### [Exercise]
Pictures do not belong in the copy; restate the records below word for word.
**** Source material
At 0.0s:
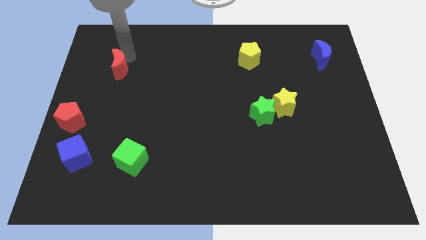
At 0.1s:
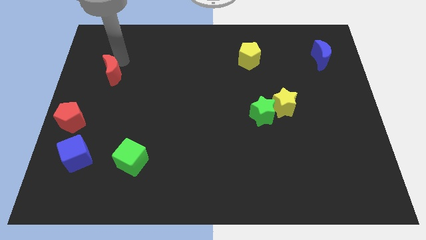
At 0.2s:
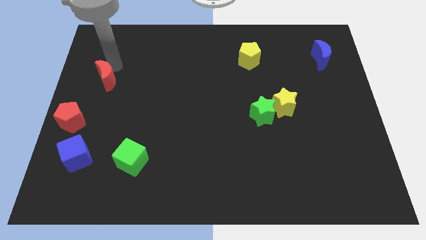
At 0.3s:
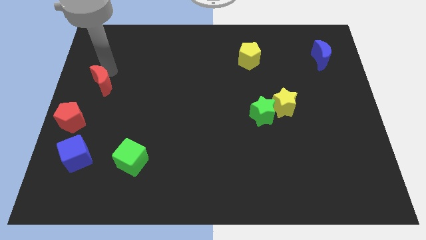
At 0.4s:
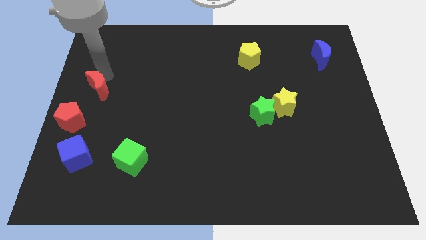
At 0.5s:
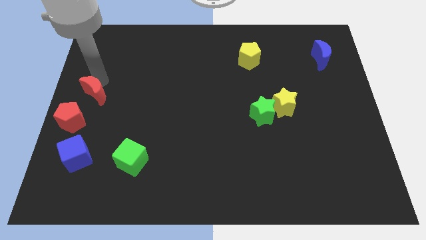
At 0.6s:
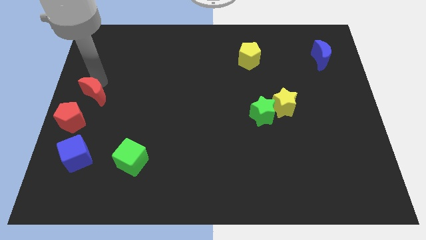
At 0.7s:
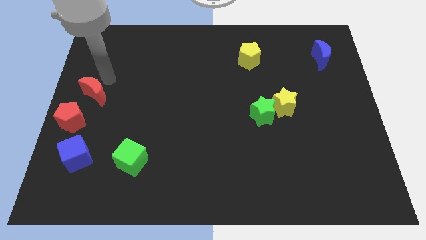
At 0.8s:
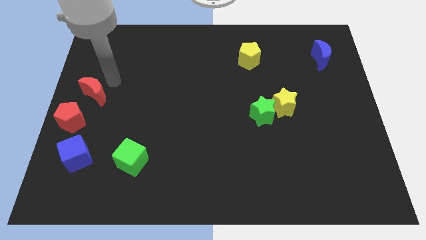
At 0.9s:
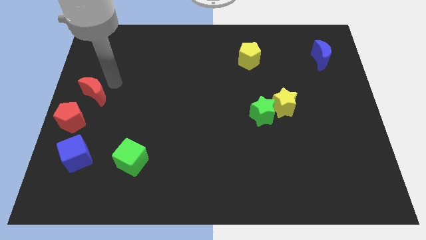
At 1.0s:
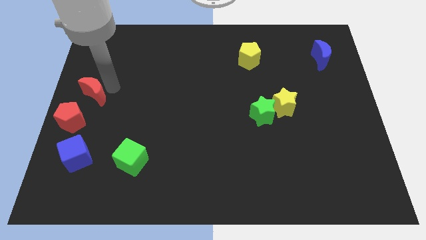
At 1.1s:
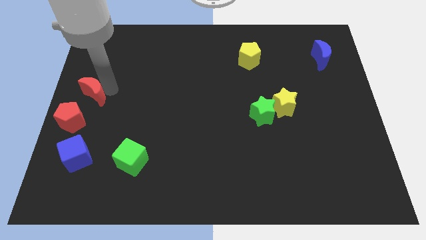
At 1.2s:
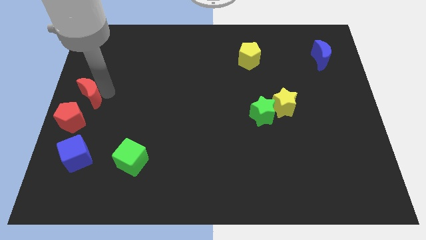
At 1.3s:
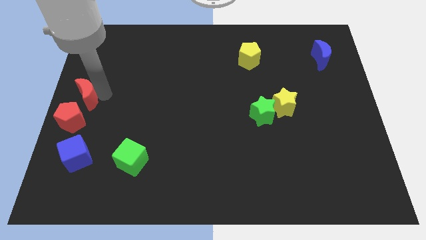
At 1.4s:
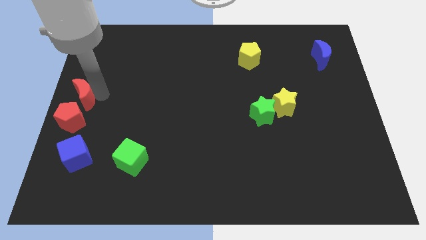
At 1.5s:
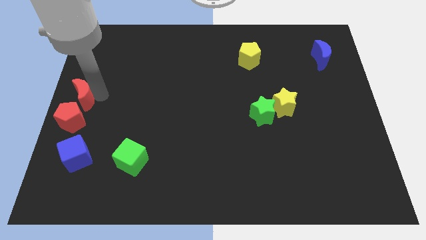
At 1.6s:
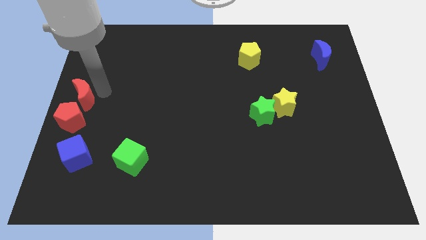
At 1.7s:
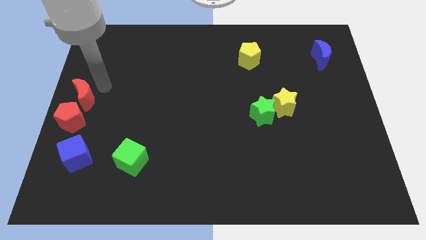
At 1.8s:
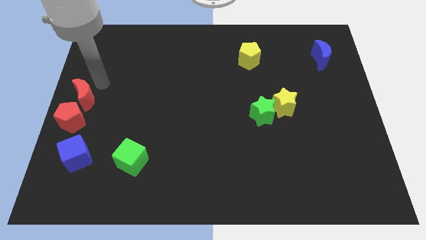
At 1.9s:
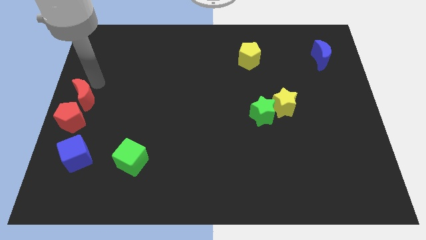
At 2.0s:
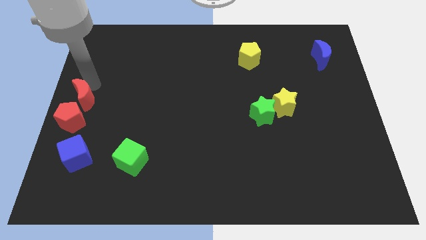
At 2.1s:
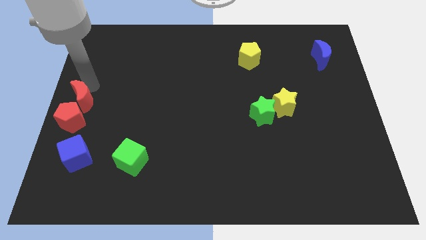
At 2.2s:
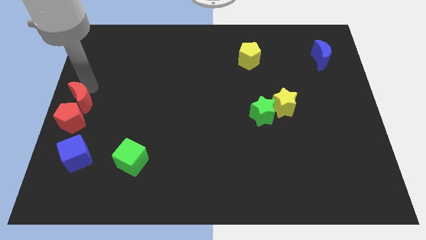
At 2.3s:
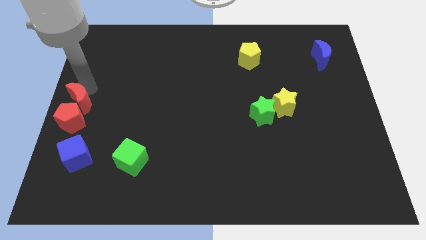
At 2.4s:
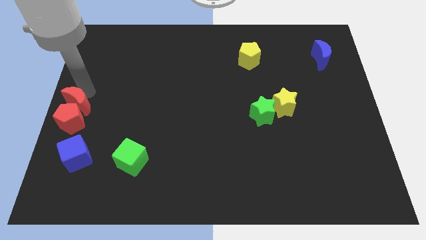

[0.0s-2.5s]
move the red moon into the red pentagon

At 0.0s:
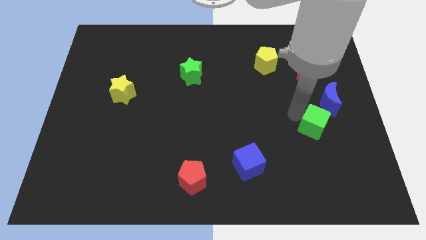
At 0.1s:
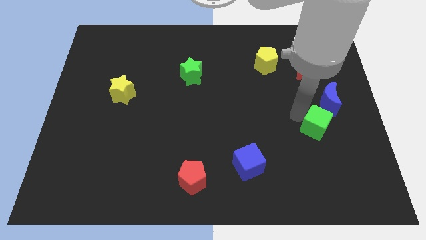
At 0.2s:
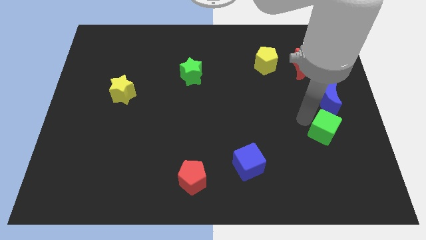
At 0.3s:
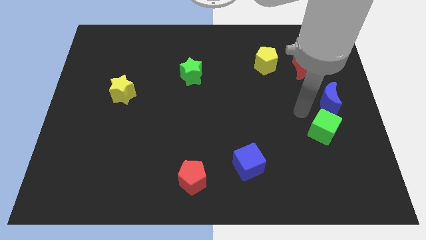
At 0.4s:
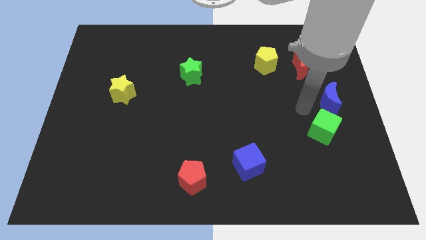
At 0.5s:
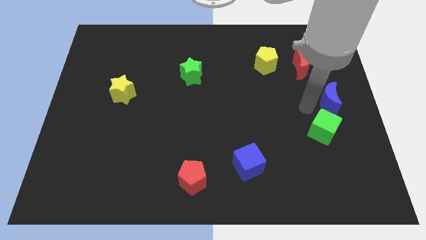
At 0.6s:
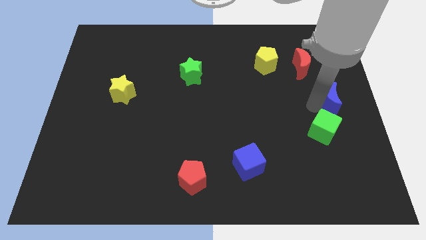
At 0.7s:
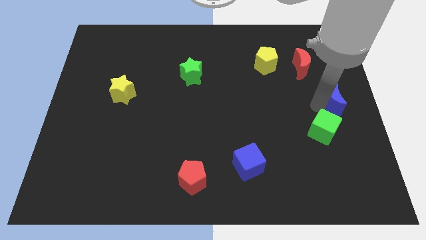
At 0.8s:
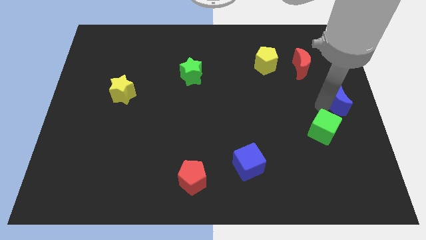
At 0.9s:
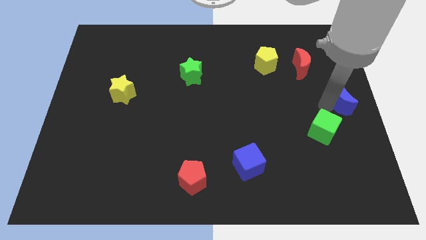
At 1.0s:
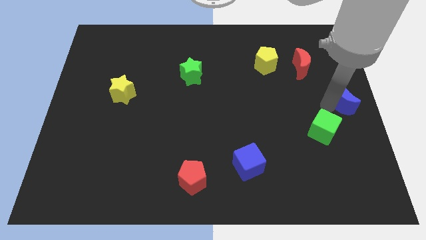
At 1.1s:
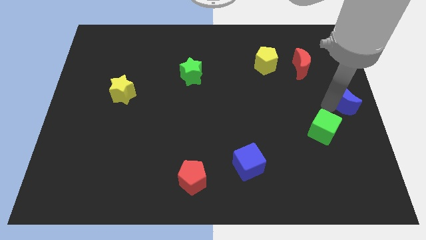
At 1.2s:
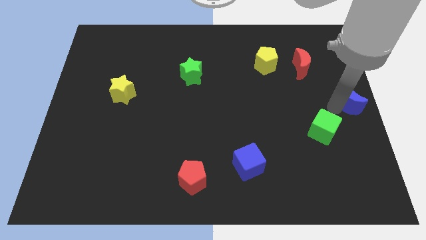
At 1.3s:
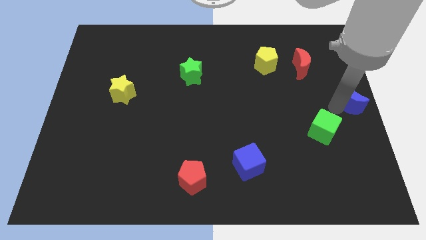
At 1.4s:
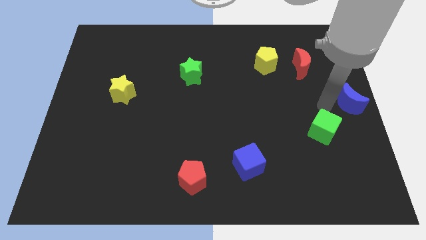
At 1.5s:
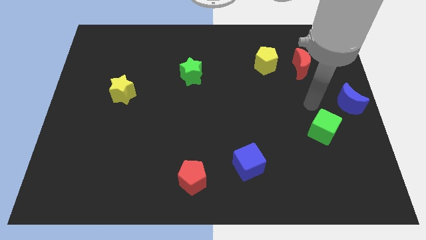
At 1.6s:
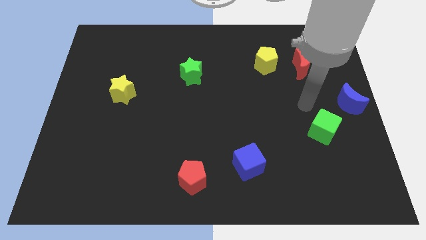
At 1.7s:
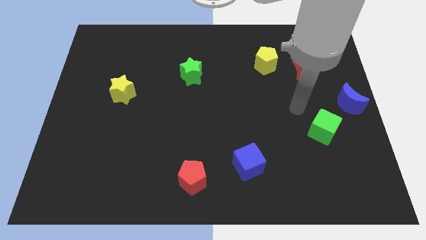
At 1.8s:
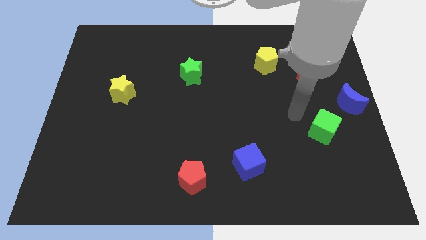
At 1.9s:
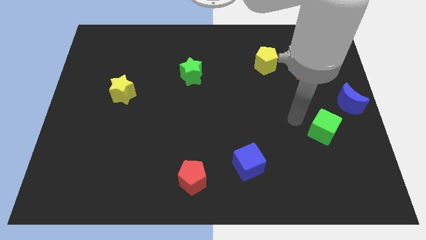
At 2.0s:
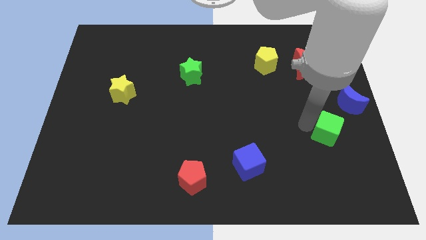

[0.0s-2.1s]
separate green cube and blue moon

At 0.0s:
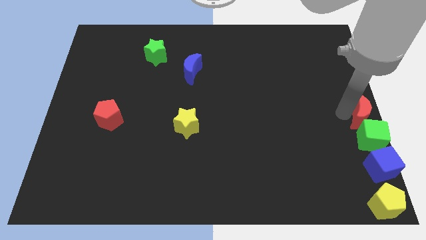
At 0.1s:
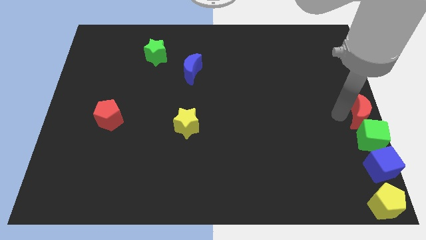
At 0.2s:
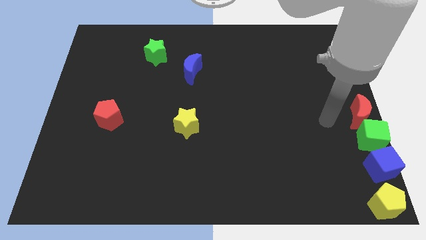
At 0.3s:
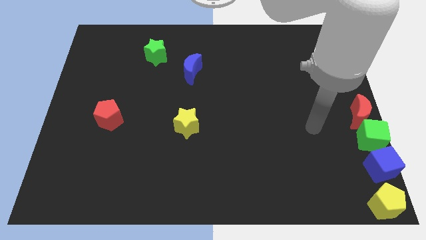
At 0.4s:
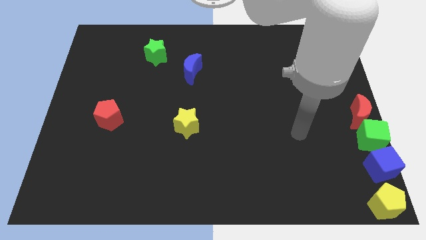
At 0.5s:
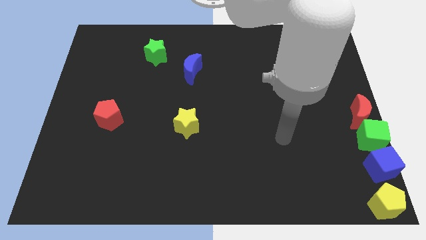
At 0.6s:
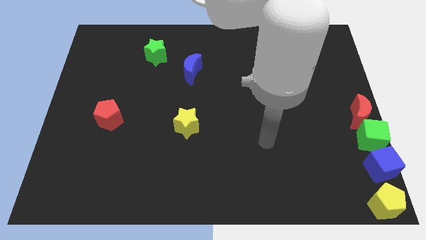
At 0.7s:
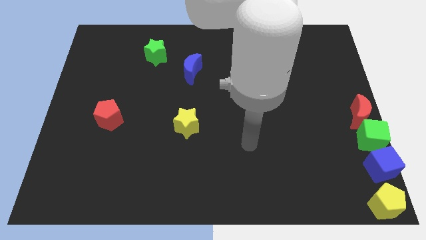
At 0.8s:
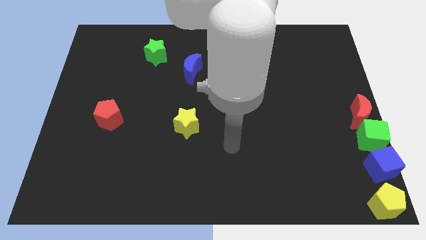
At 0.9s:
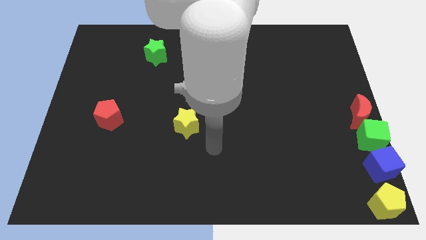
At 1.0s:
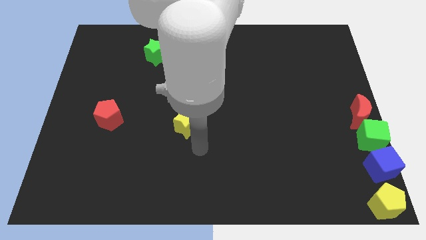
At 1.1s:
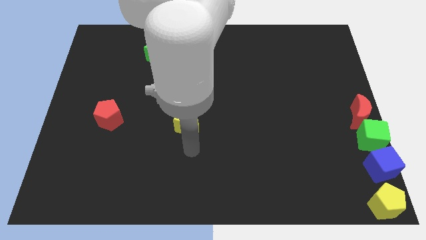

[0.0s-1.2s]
move your arm away from the red moon
********
### [Solution to the exercise]
At 0.0s:
At 0.1s:
At 0.2s:
At 0.3s:
At 0.4s:
At 0.5s:
At 0.6s:
At 0.7s:
At 0.8s:
At 0.9s:
At 1.0s:
At 1.1s:
At 1.2s:
At 1.3s:
At 1.4s:
At 1.5s:
At 1.6s:
At 1.7s:
At 1.8s:
At 1.9s:
At 2.0s:
At 2.1s:
At 2.2s:
At 2.3s:
At 2.4s:

[0.0s-2.5s]
move the red moon into the red pentagon

At 0.0s:
At 0.1s:
At 0.2s:
At 0.3s:
At 0.4s:
At 0.5s:
At 0.6s:
At 0.7s:
At 0.8s:
At 0.9s:
At 1.0s:
At 1.1s:
At 1.2s:
At 1.3s:
At 1.4s:
At 1.5s:
At 1.6s:
At 1.7s:
At 1.8s:
At 1.9s:
At 2.0s:

[0.0s-2.1s]
separate green cube and blue moon

At 0.0s:
At 0.1s:
At 0.2s:
At 0.3s:
At 0.4s:
At 0.5s:
At 0.6s:
At 0.7s:
At 0.8s:
At 0.9s:
At 1.0s:
At 1.1s:

[0.0s-1.2s]
move your arm away from the red moon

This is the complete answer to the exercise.